With under $25 dollars in 1x4s from Menards I made storage for ~160 bottles out of some basement bookcases. I think I'm nesting in anticipation of my first batch of wine.
http://www.winemakingtalk.com/photo/photo-2127.html


----------



## Julie (Dec 1, 2012)

Looks real nice, lol but now that you have started you are not going to stop at 160 bottles,  you better start getting another bookcase to convert into a wine case


----------



## cimbaliw (Dec 2, 2012)

Well, the good news here Julie is that you're only seeing 3 of 7 bookcases in that area of the basement. Conceivably, I could be over 350 bottle's worth in short order. Ah, but what to do with the junk, I mean important stuff, that's on the shelves now.


----------



## RegionRat (Dec 2, 2012)

Julie said:


> Looks real nice, lol but now that you have started you are not going to stop at 160 bottles,  you better start getting another bookcase to convert into a wine case



So true........


----------



## cimbaliw (Nov 12, 2013)

*finished tasting area*

Finishing the area wasn't planned, it just happened.


----------



## wineforfun (Nov 12, 2013)

Wow, that is very nice. Good work.


----------



## Runningwolf (Nov 12, 2013)

That is just awesome


----------



## bakervinyard (Nov 12, 2013)

Very nice tasting area. My tasting area is to lean against the washing machine in the baement. Regarding the "important stuff" I would sell it on craigs list then buy more wine "stuff" Bakervinyard


----------



## bkisel (Nov 12, 2013)

Very nice!


----------



## jamesngalveston (Nov 12, 2013)

very very classy....looks nice, looks very comfortable...but there is one big problem.

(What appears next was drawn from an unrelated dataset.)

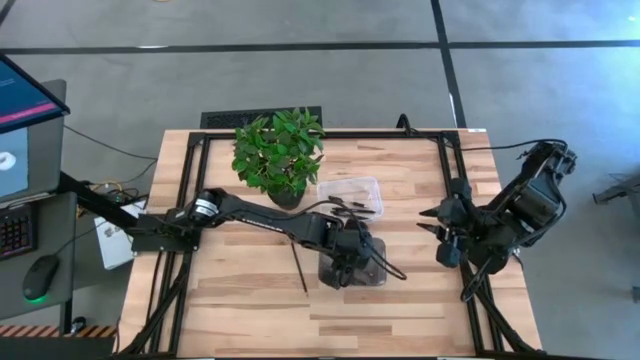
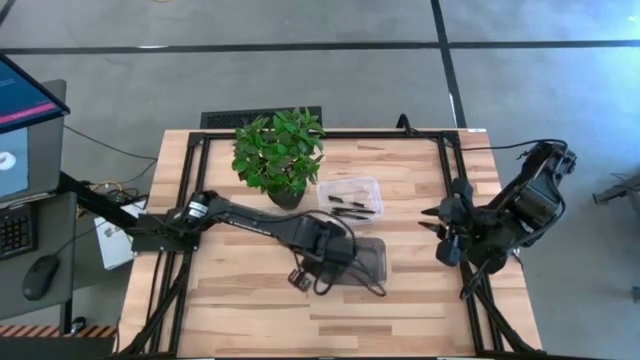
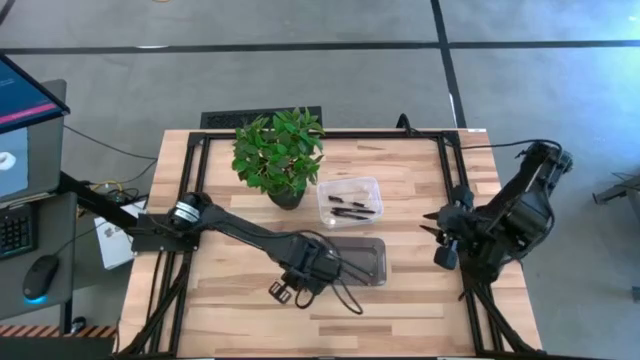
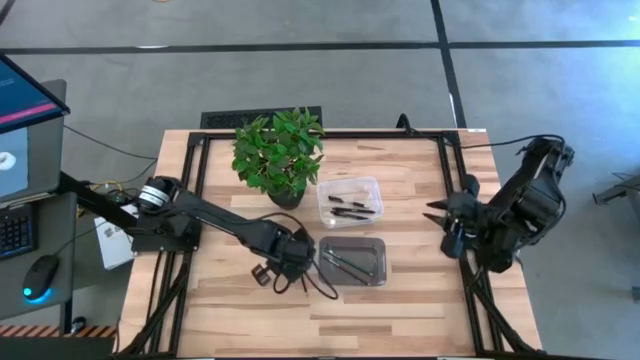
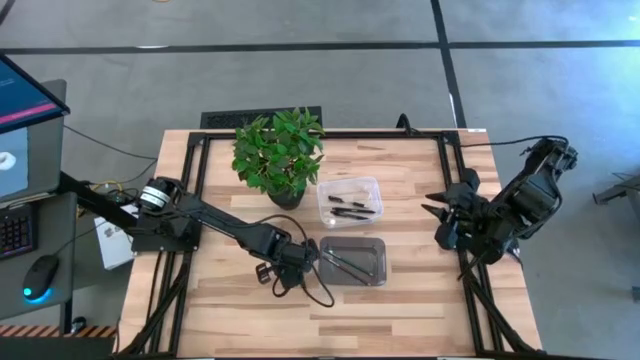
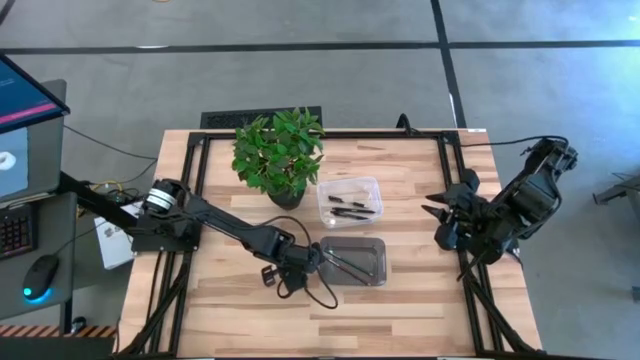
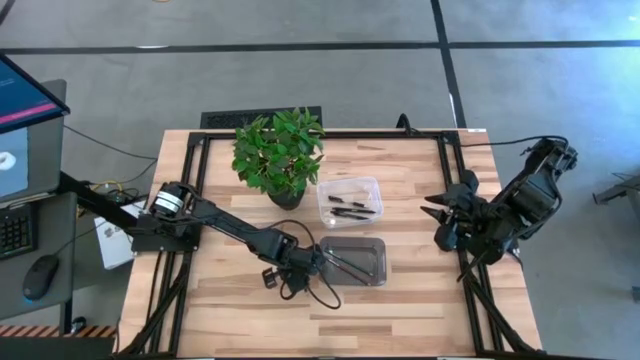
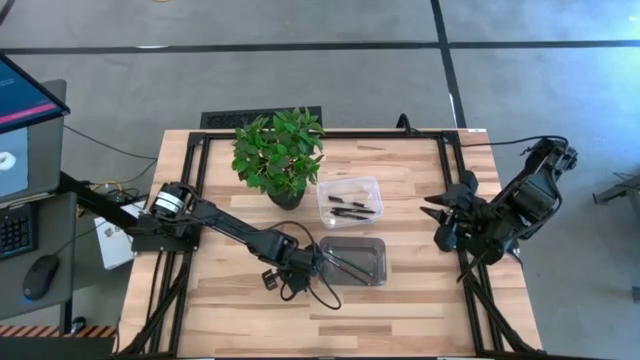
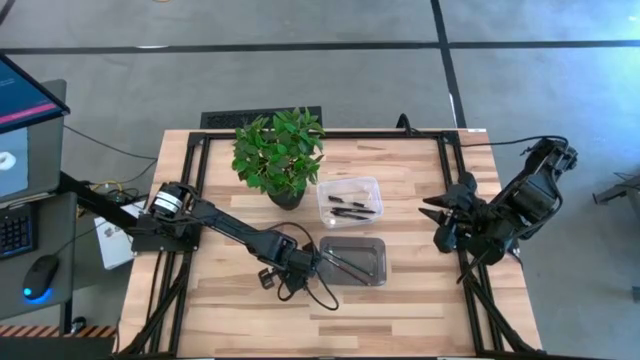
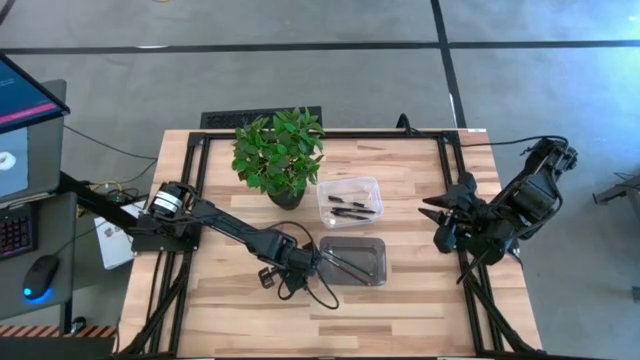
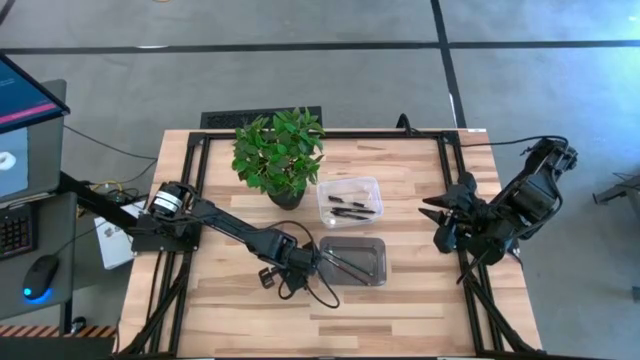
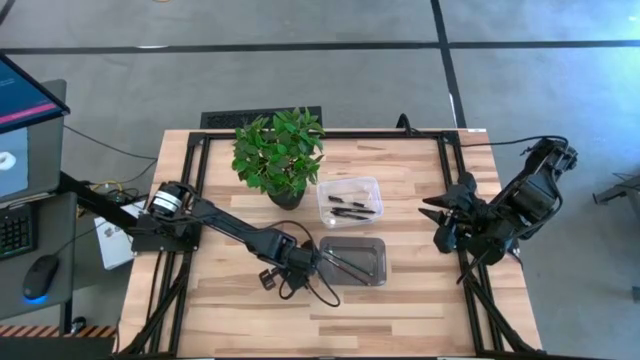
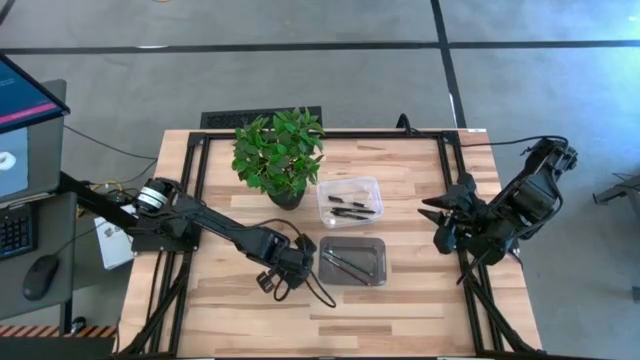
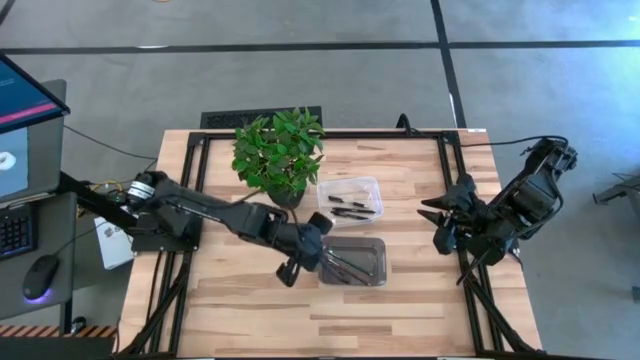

I see six...EMPTY....carboys....get busy...


----------



## cimbaliw (Nov 12, 2013)

Well, those empty carboys have given me a chance to rethink my bulk area and get rid of some fruit flies. Fear not, I picked up Brunello w/skins and coastal red kits today.


----------



## LoneStarLori (Nov 12, 2013)

Wow! that came out really nice. Well done.


----------



## J-Gee (Nov 14, 2013)

Very attractive.An excellent job,indeed.


----------